#### Task objective
As written and without pictures, set down the lines from the one that contains "Offset since image 1: 3.6 s." through the end of the data.

*** Exercise data Section Begins ***

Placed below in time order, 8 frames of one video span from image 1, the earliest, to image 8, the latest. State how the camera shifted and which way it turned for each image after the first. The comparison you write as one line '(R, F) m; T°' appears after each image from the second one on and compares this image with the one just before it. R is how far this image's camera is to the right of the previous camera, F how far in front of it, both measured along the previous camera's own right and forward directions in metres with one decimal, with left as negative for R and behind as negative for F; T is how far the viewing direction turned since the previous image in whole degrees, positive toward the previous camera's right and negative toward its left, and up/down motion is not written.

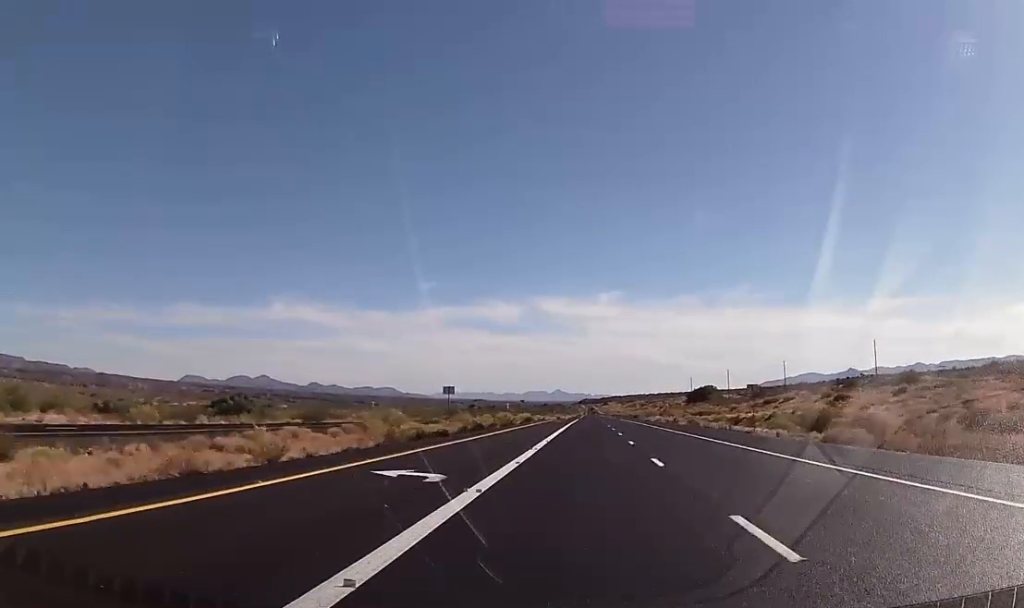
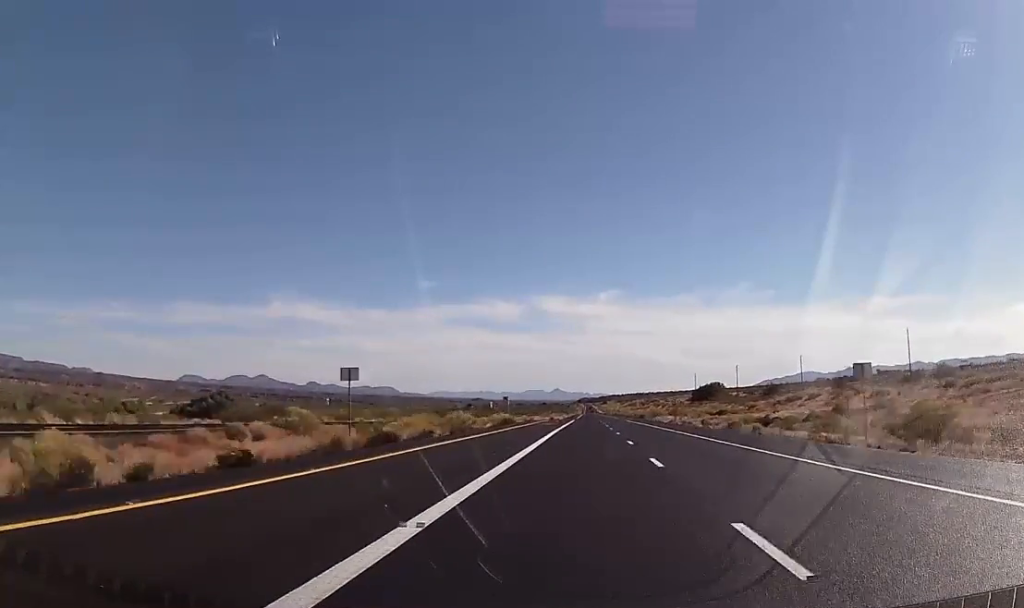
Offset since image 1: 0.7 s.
(-0.3, +25.1) m; 0°
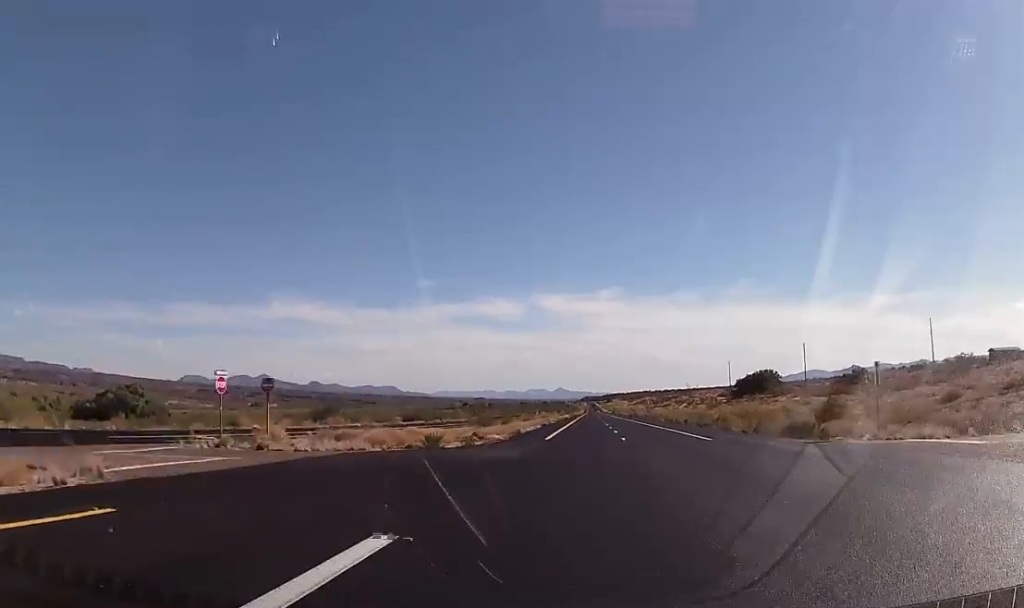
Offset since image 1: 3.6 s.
(+1.3, +102.5) m; +1°
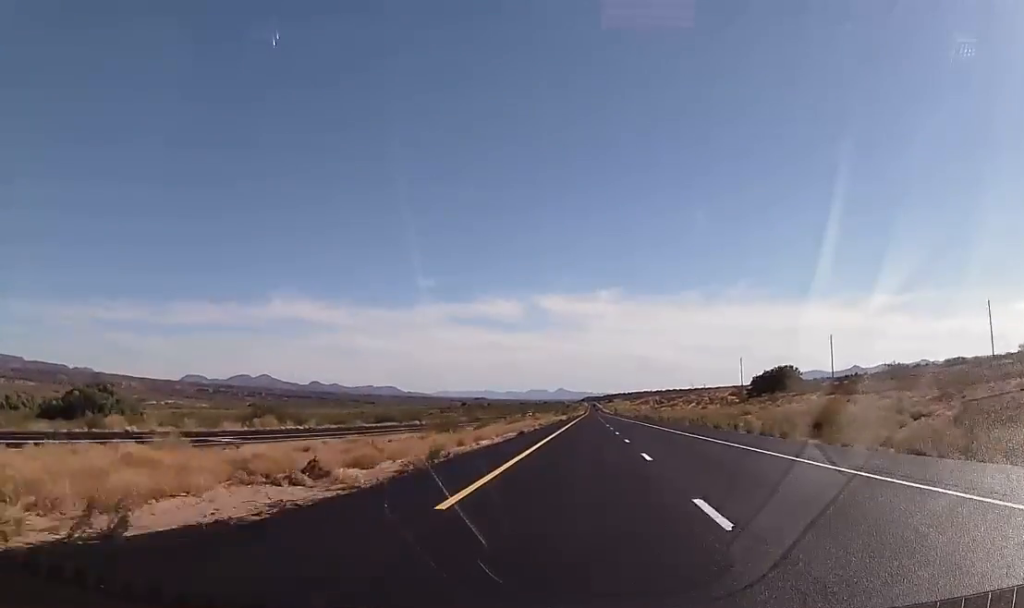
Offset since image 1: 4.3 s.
(-0.1, +26.2) m; -1°
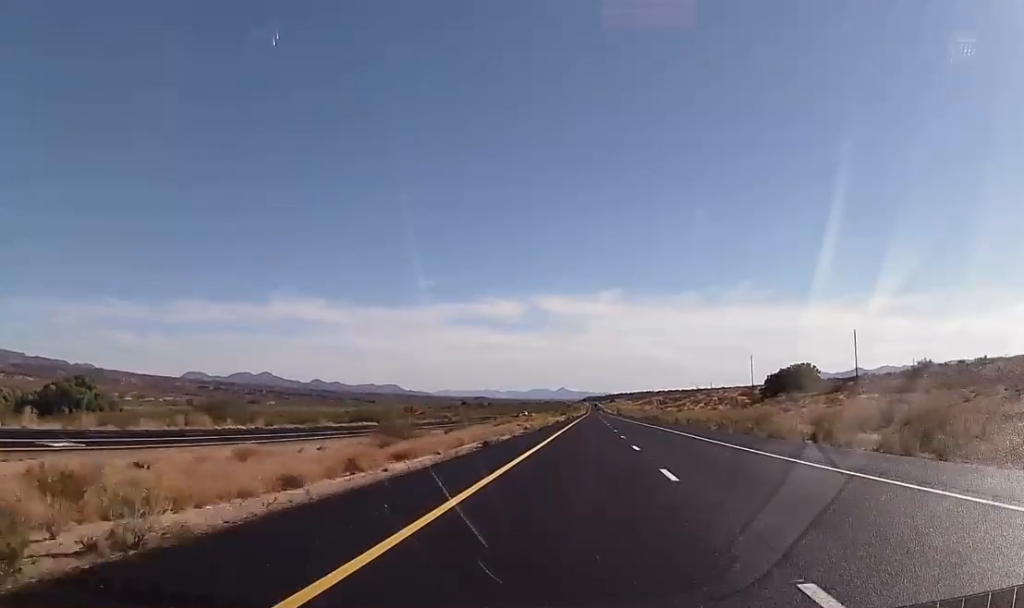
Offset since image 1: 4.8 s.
(-0.1, +17.9) m; 0°
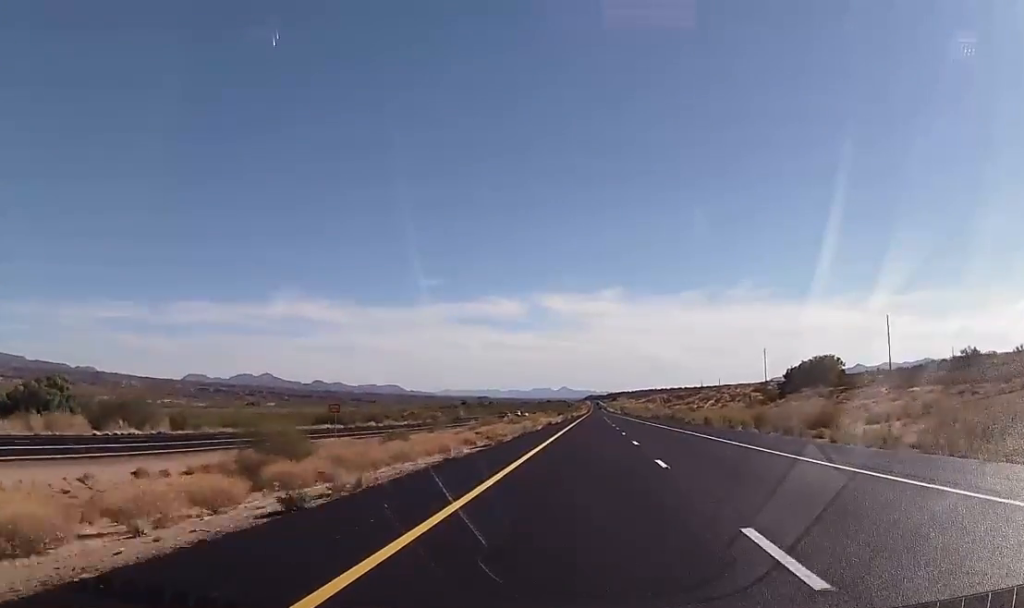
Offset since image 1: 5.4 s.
(0.0, +21.4) m; 0°
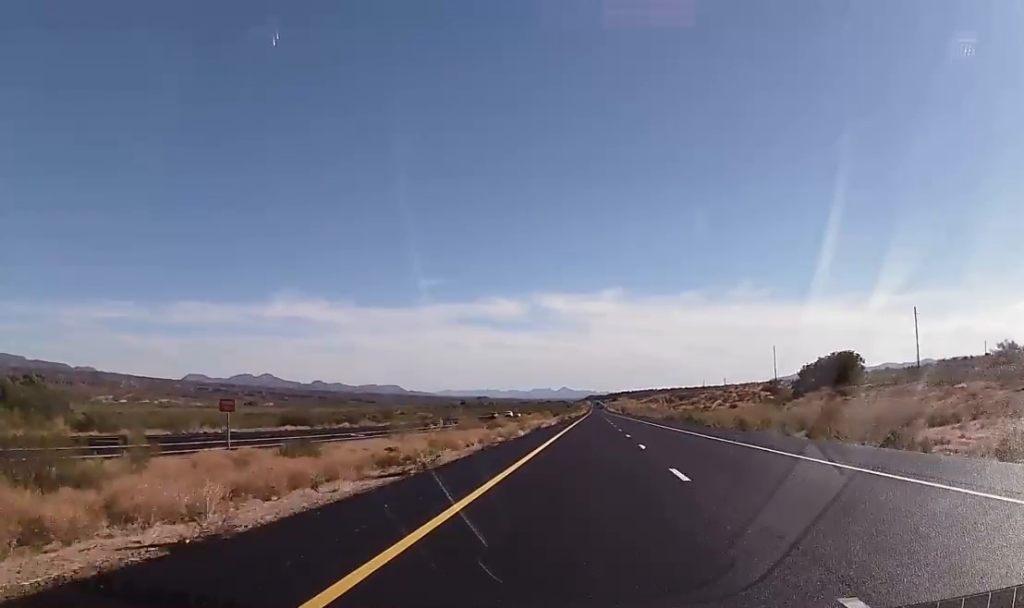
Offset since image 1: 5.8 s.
(-0.1, +15.5) m; 0°
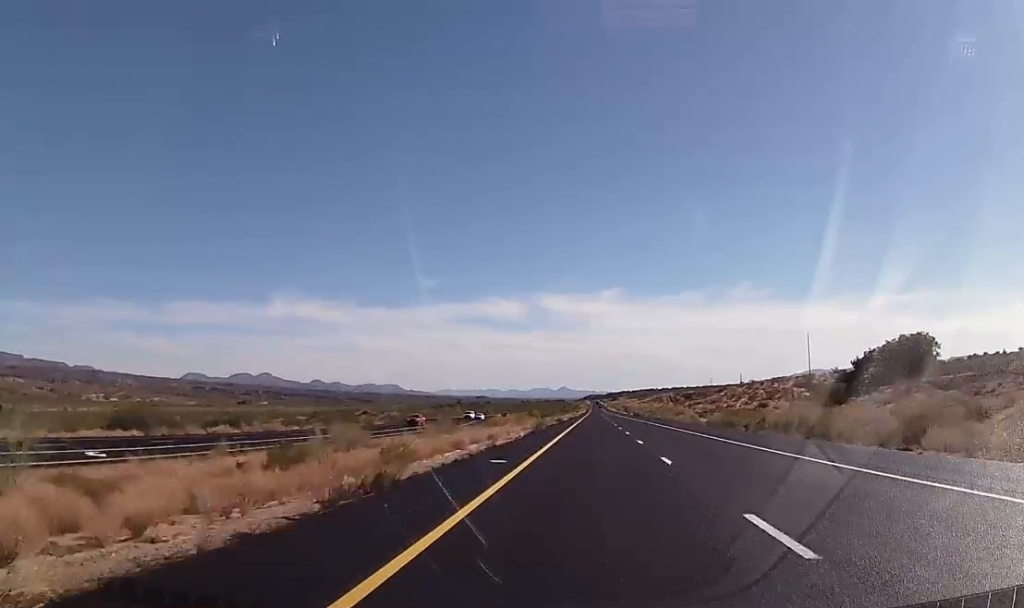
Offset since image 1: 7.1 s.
(+0.3, +43.9) m; 0°

*** Exercise data Section Ends ***

#### Answer to the exercise
Offset since image 1: 3.6 s.
(+1.3, +102.5) m; +1°
Offset since image 1: 4.3 s.
(-0.1, +26.2) m; -1°
Offset since image 1: 4.8 s.
(-0.1, +17.9) m; 0°
Offset since image 1: 5.4 s.
(0.0, +21.4) m; 0°
Offset since image 1: 5.8 s.
(-0.1, +15.5) m; 0°
Offset since image 1: 7.1 s.
(+0.3, +43.9) m; 0°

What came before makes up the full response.